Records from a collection
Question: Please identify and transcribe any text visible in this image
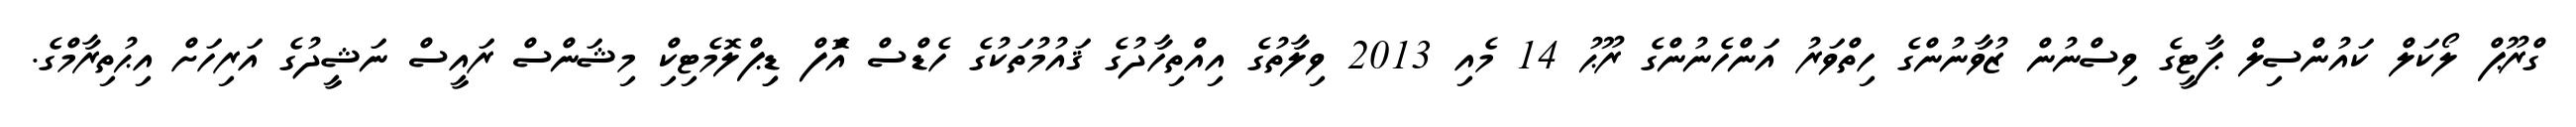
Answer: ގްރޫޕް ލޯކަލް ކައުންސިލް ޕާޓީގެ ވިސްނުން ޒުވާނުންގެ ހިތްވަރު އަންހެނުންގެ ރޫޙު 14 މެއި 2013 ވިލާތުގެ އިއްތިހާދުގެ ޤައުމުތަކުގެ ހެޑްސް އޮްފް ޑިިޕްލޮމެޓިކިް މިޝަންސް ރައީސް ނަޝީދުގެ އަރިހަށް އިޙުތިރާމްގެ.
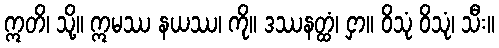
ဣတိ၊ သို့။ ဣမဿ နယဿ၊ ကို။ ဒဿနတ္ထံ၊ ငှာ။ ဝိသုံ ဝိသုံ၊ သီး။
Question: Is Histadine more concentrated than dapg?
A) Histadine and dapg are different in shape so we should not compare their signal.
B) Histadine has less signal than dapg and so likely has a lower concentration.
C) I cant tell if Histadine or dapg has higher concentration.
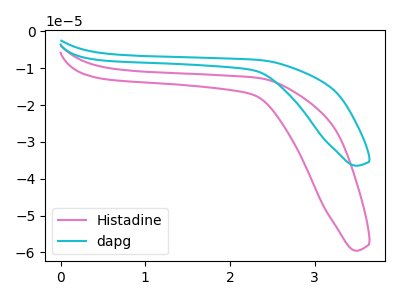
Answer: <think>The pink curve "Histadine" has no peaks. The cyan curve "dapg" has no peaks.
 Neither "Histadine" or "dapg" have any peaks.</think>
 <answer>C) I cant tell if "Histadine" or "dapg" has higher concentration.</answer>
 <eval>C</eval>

• Task objective:
Reproduce every line above word for word; no images.

• Task result:
Question: Please identify and transcribe any text visible in this image
Answer: ގްރޫޕް ލޯކަލް ކައުންސިލް ޕާޓީގެ ވިސްނުން ޒުވާނުންގެ ހިތްވަރު އަންހެނުންގެ ރޫޙު 14 މެއި 2013 ވިލާތުގެ އިއްތިހާދުގެ ޤައުމުތަކުގެ ހެޑްސް އޮްފް ޑިިޕްލޮމެޓިކިް މިޝަންސް ރައީސް ނަޝީދުގެ އަރިހަށް އިޙުތިރާމްގެ.
ဣတိ၊ သို့။ ဣမဿ နယဿ၊ ကို။ ဒဿနတ္ထံ၊ ငှာ။ ဝိသုံ ဝိသုံ၊ သီး။
Question: Is Histadine more concentrated than dapg?
A) Histadine and dapg are different in shape so we should not compare their signal.
B) Histadine has less signal than dapg and so likely has a lower concentration.
C) I cant tell if Histadine or dapg has higher concentration.
Answer: <think>The pink curve "Histadine" has no peaks. The cyan curve "dapg" has no peaks.
 Neither "Histadine" or "dapg" have any peaks.</think>
 <answer>C) I cant tell if "Histadine" or "dapg" has higher concentration.</answer>
 <eval>C</eval>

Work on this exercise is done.